Let's break down what this program does:

- We first set up a new AWS EKS cluster to host our Kubernetes workloads (`eks.Cluster`).
- Then, we create a new IAM role (with `iam.Role`) that the Karpenter service will use to launch new EC2 instances. We attach policies granting full access to EC2, as well as permissions for working with EKS and the VPC CNI plugin for Kubernetes (`iam.RolePolicyAttachment`).
- We next create an instance profile (`iam.InstanceProfile`) which is referenced by the EC2 instances that Karpenter will manage.
- After that, we deploy the Karpenter Helm chart onto our Kubernetes cluster (`Chart`), specifying the version and chart name. We then use the Karpenter Helm chart to deploy the actual Karpenter service.
- With Karpenter installed, we create a `CustomResource` for a Provisioner, which is a Karpenter resource that defines requirements for node provisioning such as instance types, zones, and other constraints.
- The `k8s.apiextensions.CustomResource` for the Provisioner is customized to specify that we want `p3.2xlarge` instances, which are suitable for GPU-based ML workloads. You may need to adjust the instance type based on your specific workload and the available GPU-instance types.
- Finally, we export the kubeconfig of our EKS cluster, which you can use to interact with your Kubernetes cluster using `kubectl` or other Kubernetes tools.
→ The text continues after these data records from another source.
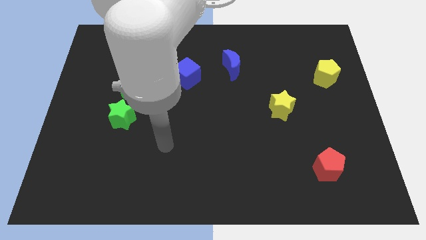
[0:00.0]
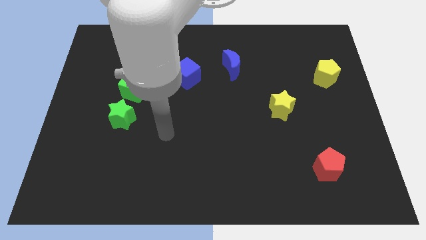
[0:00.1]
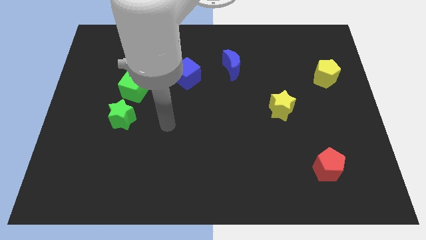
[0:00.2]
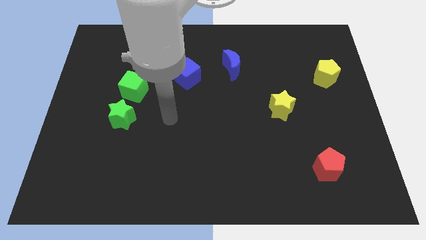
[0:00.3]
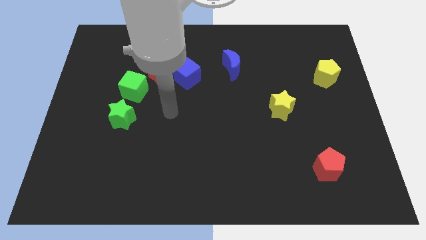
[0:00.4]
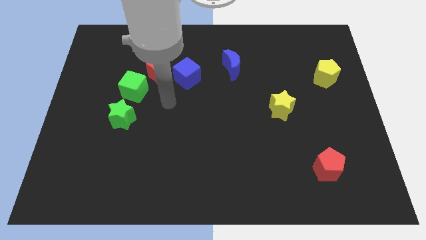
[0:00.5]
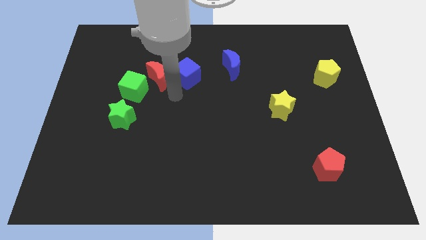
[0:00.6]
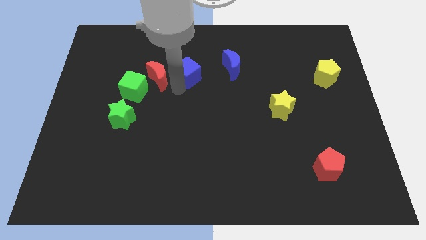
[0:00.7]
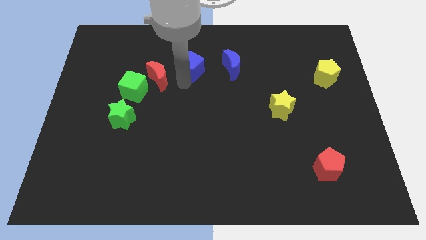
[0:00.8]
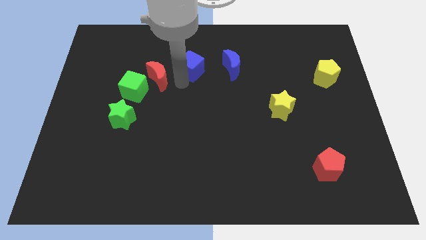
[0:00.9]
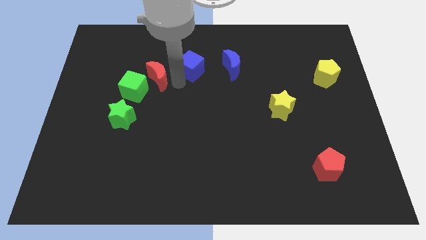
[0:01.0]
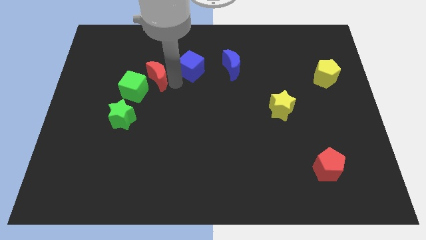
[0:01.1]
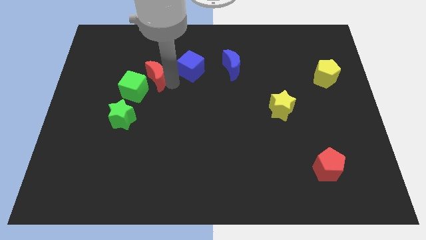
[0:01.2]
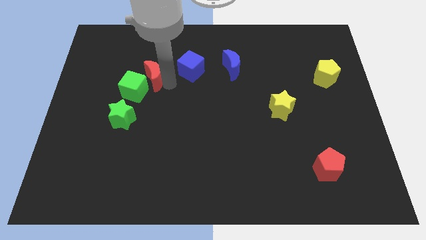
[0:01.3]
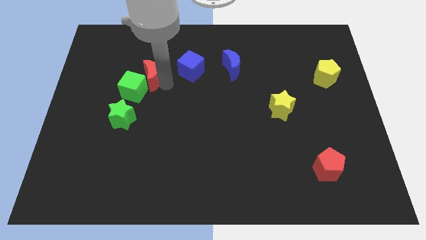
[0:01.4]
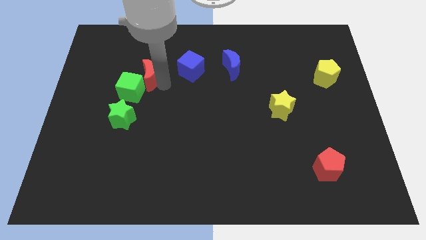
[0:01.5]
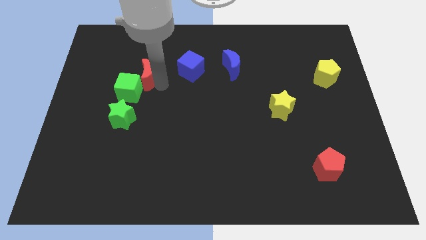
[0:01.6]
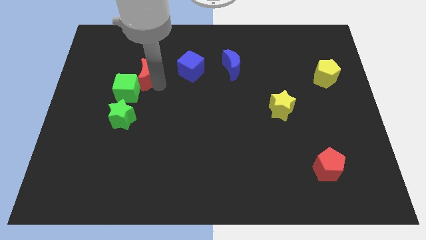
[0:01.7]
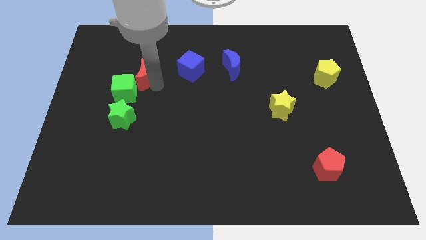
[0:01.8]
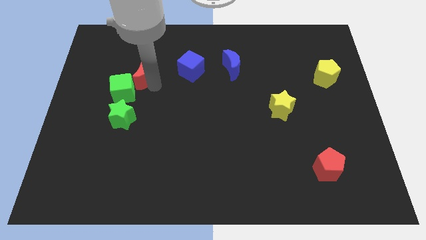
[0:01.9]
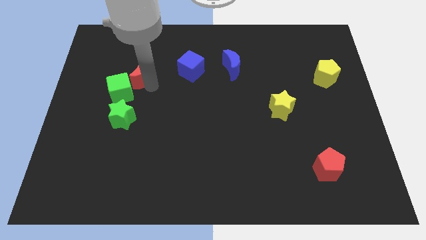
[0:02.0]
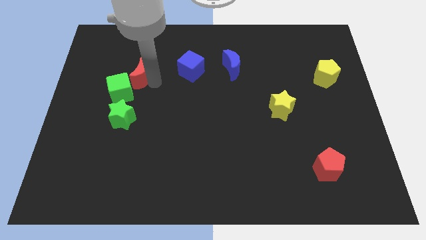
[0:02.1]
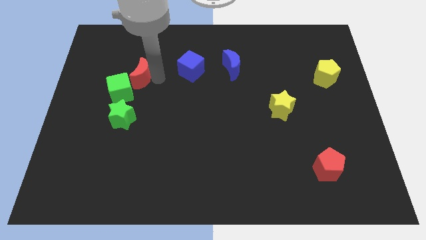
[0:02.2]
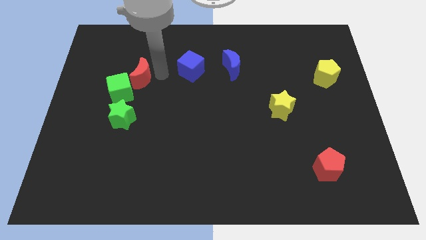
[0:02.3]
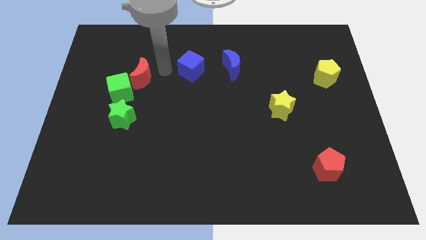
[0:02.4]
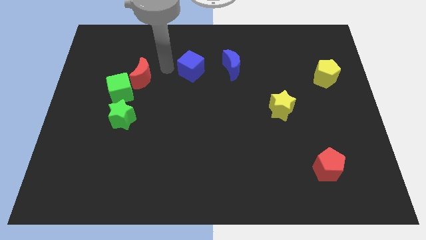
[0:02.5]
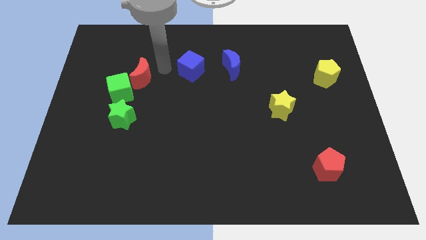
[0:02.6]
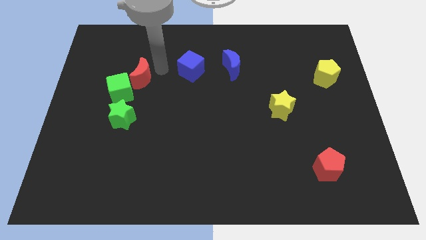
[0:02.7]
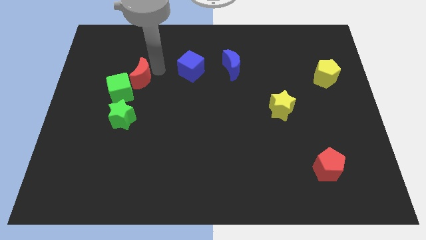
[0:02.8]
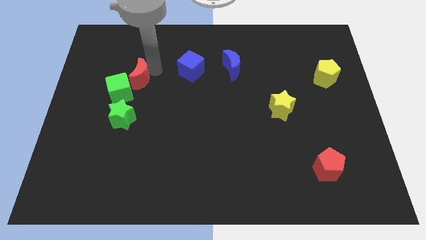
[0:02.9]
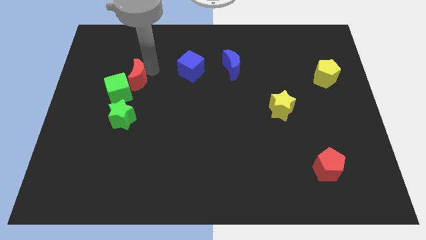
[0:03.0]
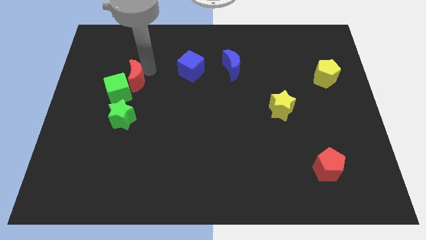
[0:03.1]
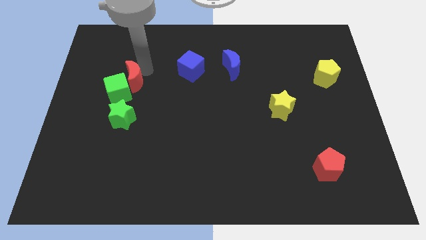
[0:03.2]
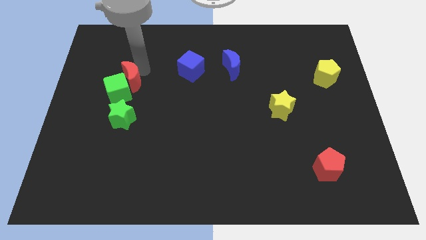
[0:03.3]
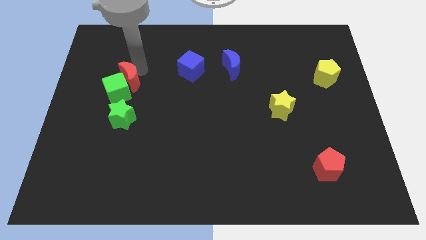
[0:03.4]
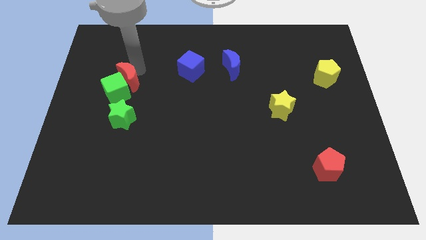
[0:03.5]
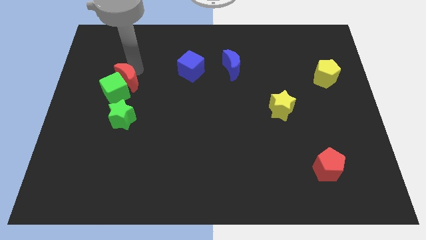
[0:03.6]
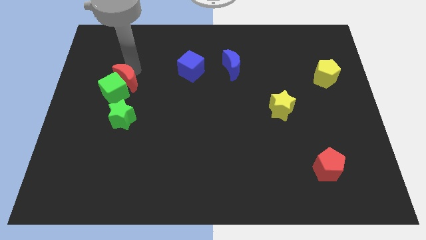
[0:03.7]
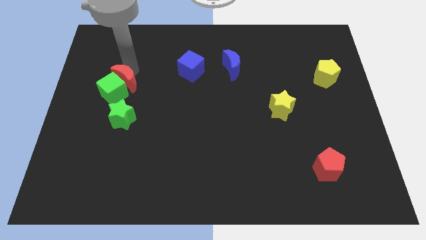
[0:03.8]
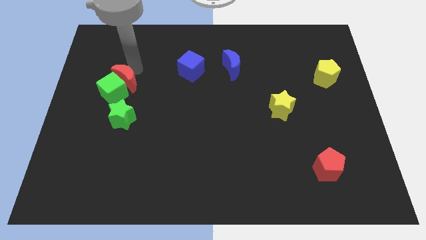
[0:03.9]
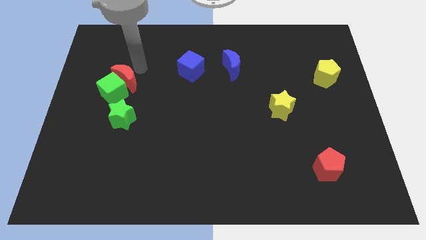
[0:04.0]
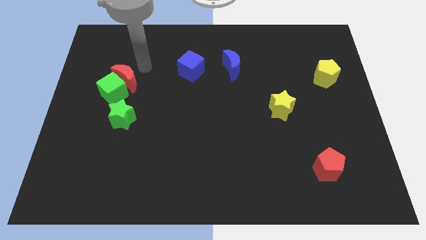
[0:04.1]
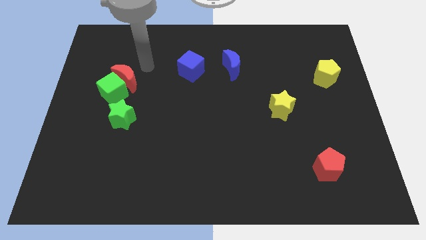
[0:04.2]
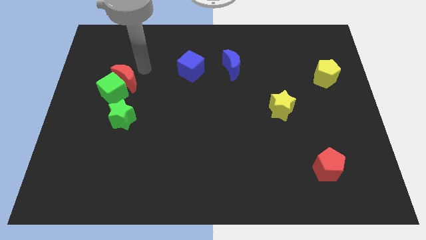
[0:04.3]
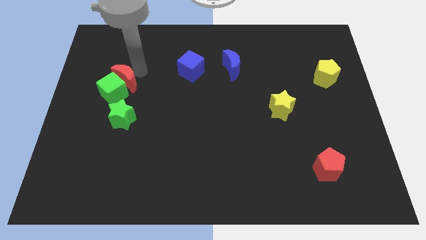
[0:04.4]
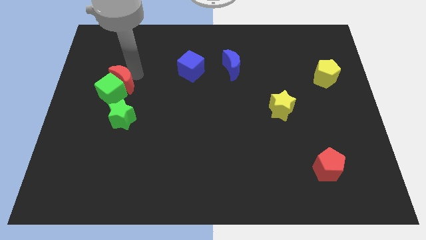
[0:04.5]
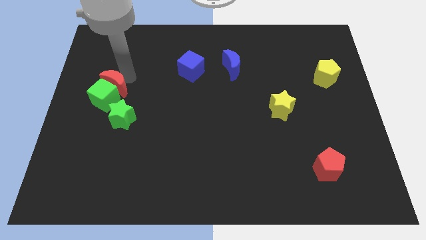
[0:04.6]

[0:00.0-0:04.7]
slightly move the red moon downwards and to the left

This example assumes you have Pulumi and AWS CLI installed and configured (ensure `aws configure` has been set up with the necessary access and secret keys, and default region). If you don't have Pulumi installed, please download it from [Pulumi's website](https://www.pulumi.com/docs/get-started/aws/begin/).
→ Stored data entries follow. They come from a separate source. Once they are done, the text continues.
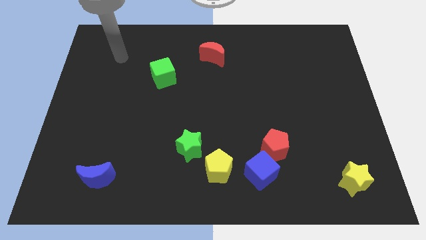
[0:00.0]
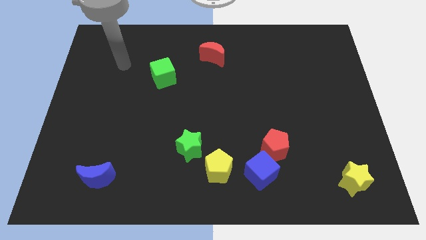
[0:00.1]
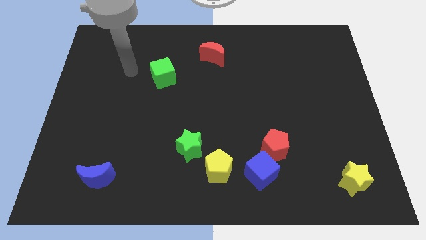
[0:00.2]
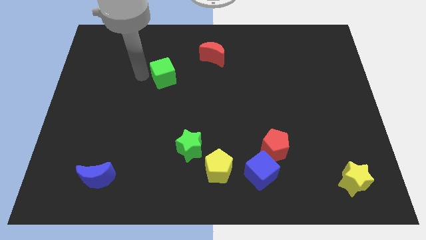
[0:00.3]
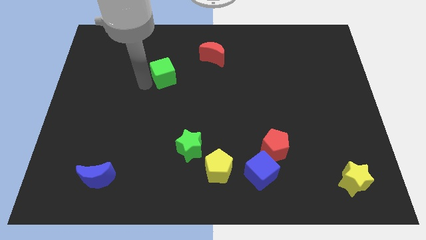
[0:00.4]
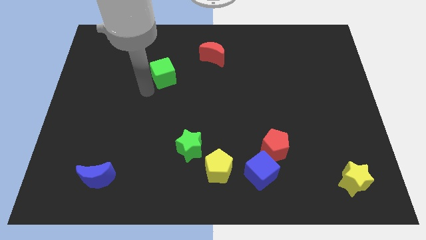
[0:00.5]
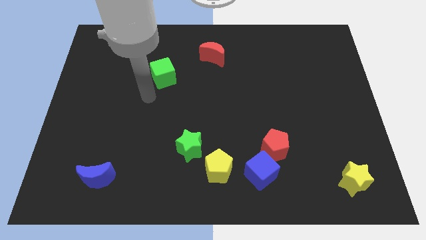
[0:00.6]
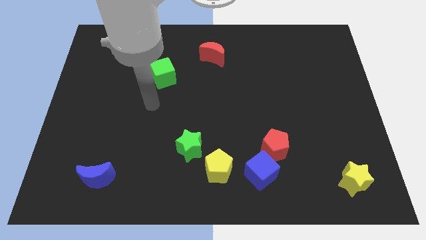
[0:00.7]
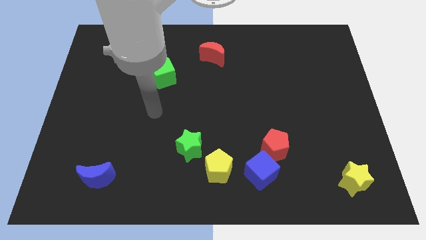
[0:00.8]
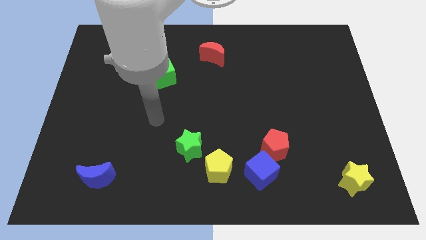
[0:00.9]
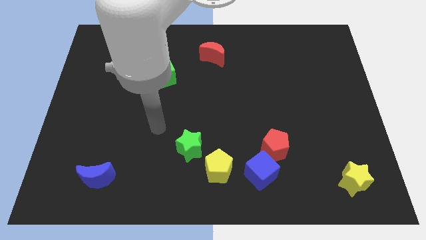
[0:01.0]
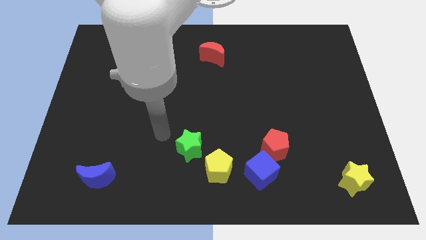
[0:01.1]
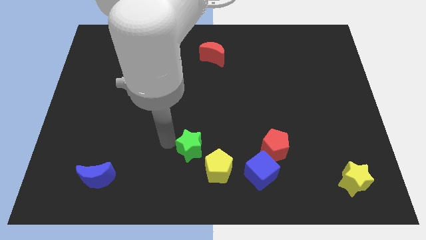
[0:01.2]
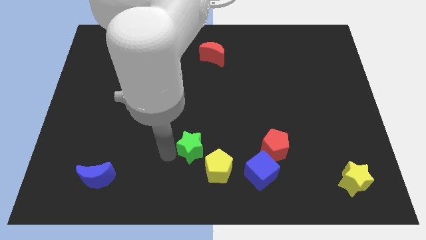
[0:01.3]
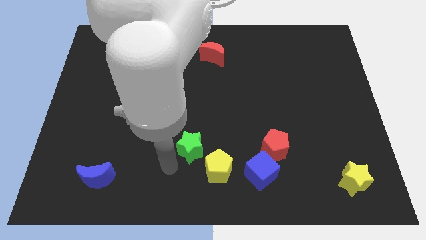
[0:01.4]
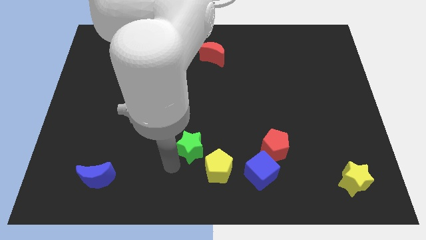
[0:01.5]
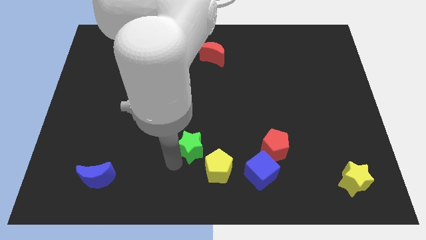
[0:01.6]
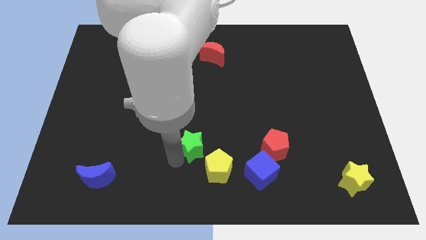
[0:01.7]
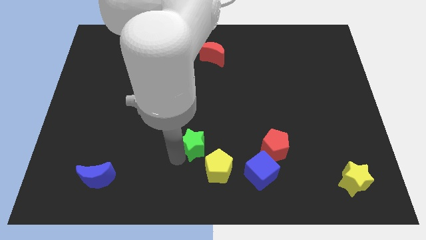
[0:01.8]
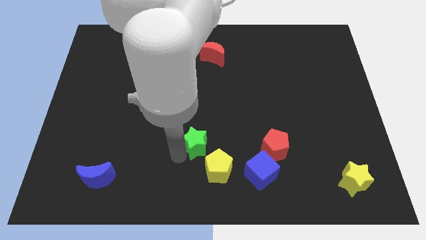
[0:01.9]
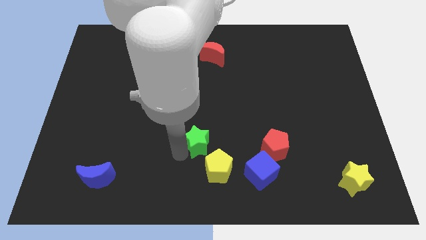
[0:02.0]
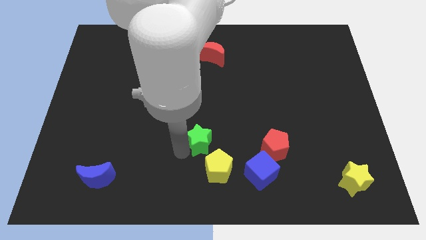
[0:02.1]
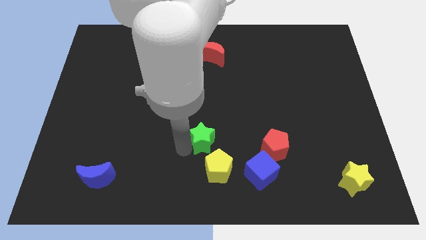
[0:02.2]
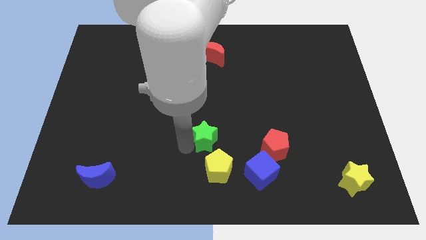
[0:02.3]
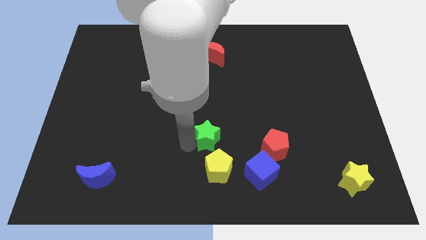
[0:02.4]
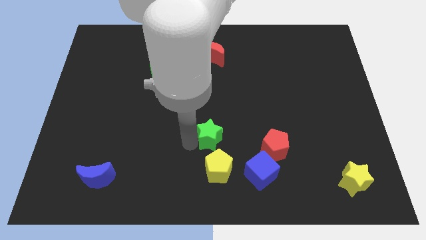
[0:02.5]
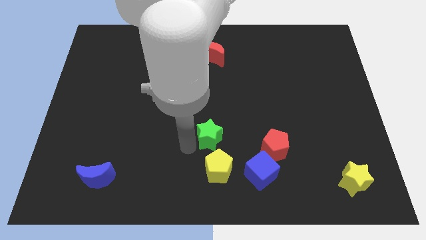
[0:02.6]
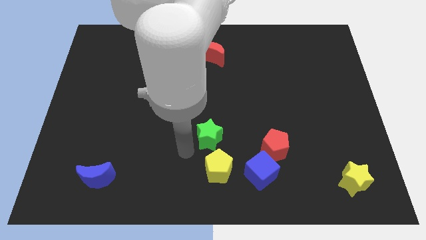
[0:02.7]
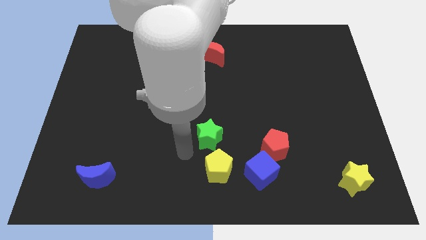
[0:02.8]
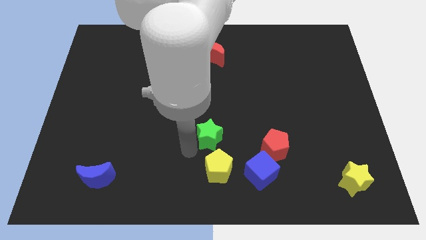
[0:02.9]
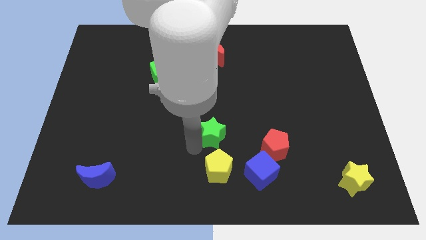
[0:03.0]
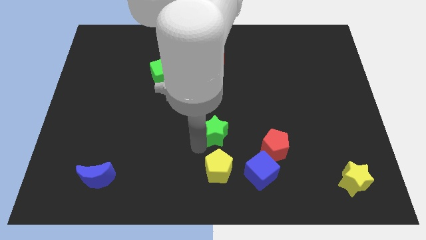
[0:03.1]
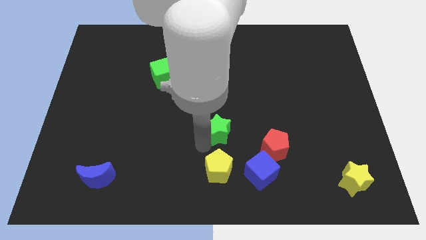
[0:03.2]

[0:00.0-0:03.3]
slide the green star a little diagonally upwards and right

Before you run `pulumi up`, make sure you have set up AWS credentials and have selected a region where EKS and GPU-based EC2 instances are available.

After deploying this code using Pulumi, your EKS cluster will be capable of auto-scaling nodes with GPUs, which can be used to efficiently run your ML workloads. Remember to adjust the instance types, labels, taints, and other specifications to suit your specific requirements.